The project information page contains:
- the project title and description
- contributor information, collaborating organizations, and project contacts
- any publications or accessions associated with the project
- project details such as species, organ, and library construction method
- counts of input
- a link to the project metadata download
- a link to the project HCA Data Portal-generated count matrix download (if available)
- a link to the project contributor-generated matrix (if available)
Downloading Project Metadata
For each project, the HCA Data Portal maintains a project-specific TSV file containing the full project metadata. The TSV contains a row for each file in the project and columns for each metadata property. Meanings of the metadata properties are listed in the Metadata Dictionary.
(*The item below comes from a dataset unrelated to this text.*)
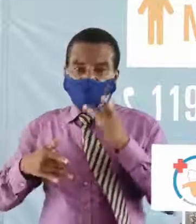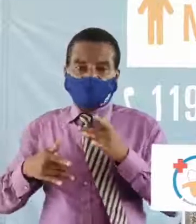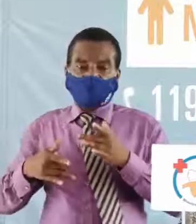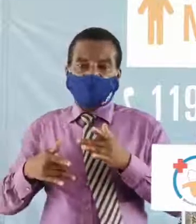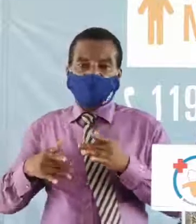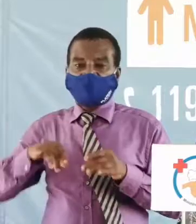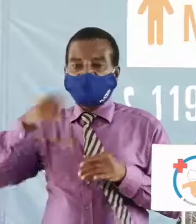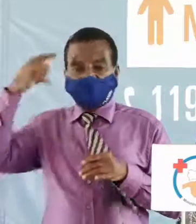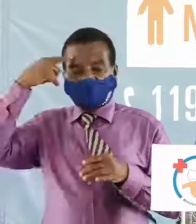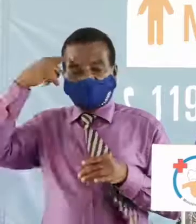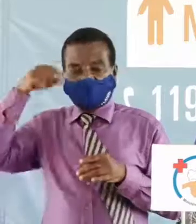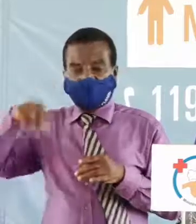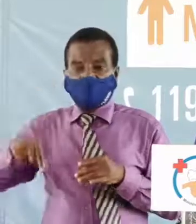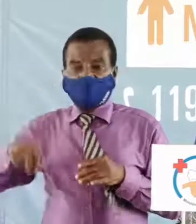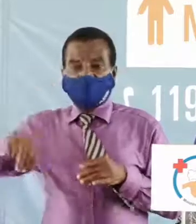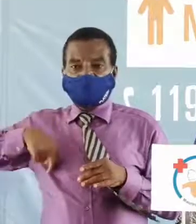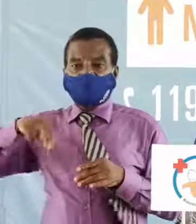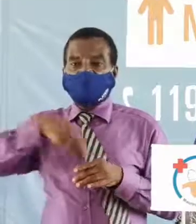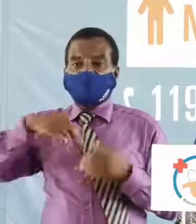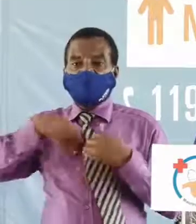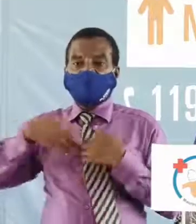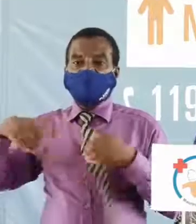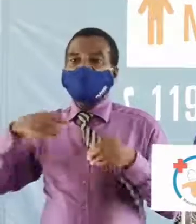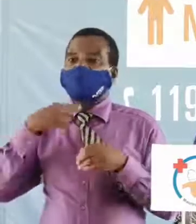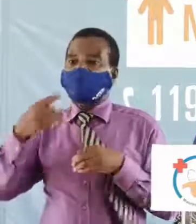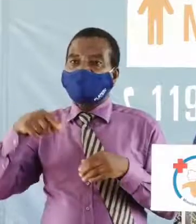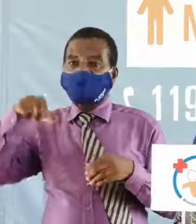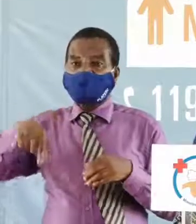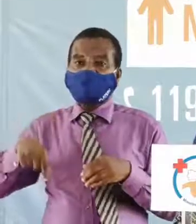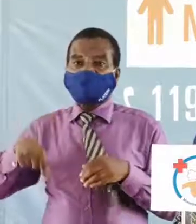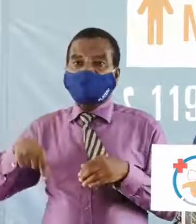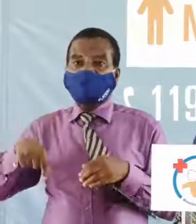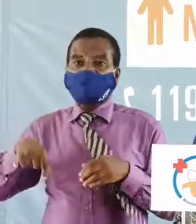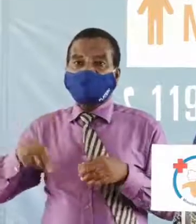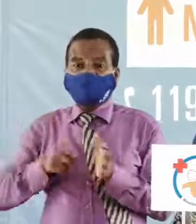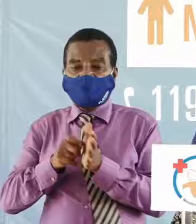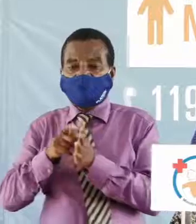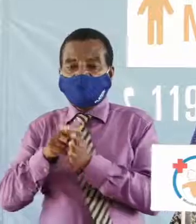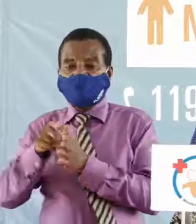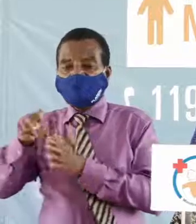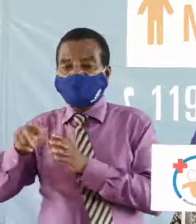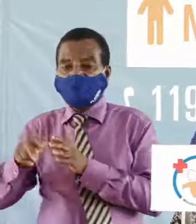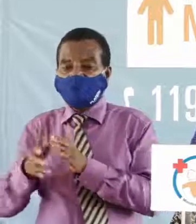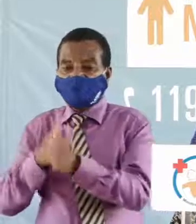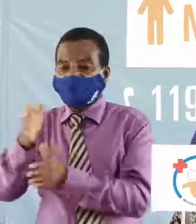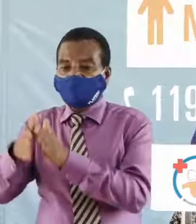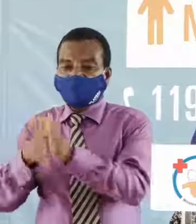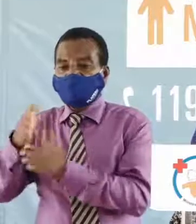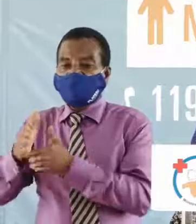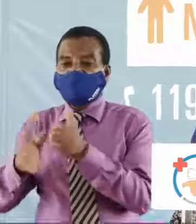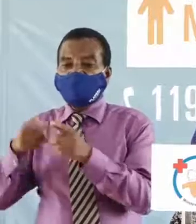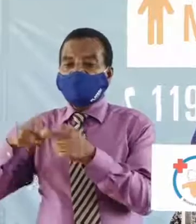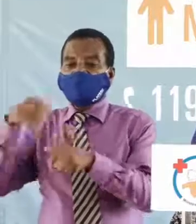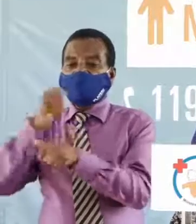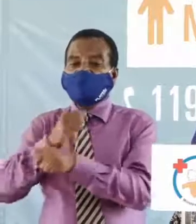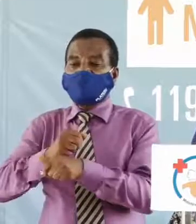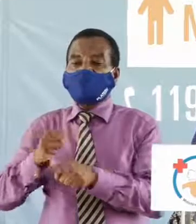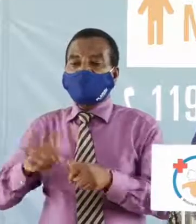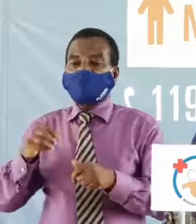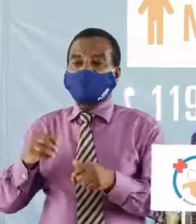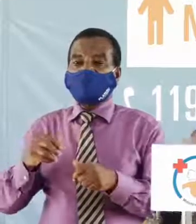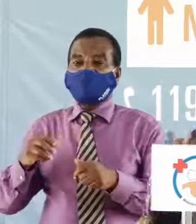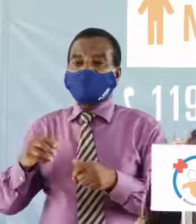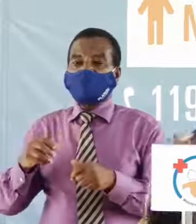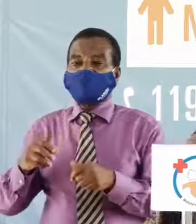je pense que nous avons également dit que le virus circulait activement dans un Bidjan ça veut dire que

The metadata TSV file gives a representation of the project's metadata graph that can be sorted and filtered using a standard spreadsheet or data manipulation tools.
The "Project Metadata" tab left of the Project Information page contains a link to download the project's metadata file.
Metadata file sizes vary across projects but will generally be between 1 and 100 megabytes.
The TSV file is named after the project and includes the date and time the file was created. For example:
ProstateCellAtlas 2023-11-09 08.10.tsv
A partial example of a TSV file is shown below:
Downloading Project HCA Data Portal-Generated Matrices
Each project processed with HCA Data Portal pipelines has HCA Data Portal-generated matrices. To download Project matrices, navigate to the Project Information page and select the "Project Matrices" tab to the left.
Scroll to identify the relevant matrix and then select the download icon.
Downloading Project Contributor-Generated Matrices
Contributor-generated matrices are optionally provided by the project contributors. These matrices vary in file format and content. For questions about a specific contributor-generated matrix, reach out to the Project Contacts listed on the Project Information page.
To download the contributor-generated matrix, select the "Project Matrices" tab to the left of the Project page.
Scroll to the Contributor-Generated Matrices section and select the download icon.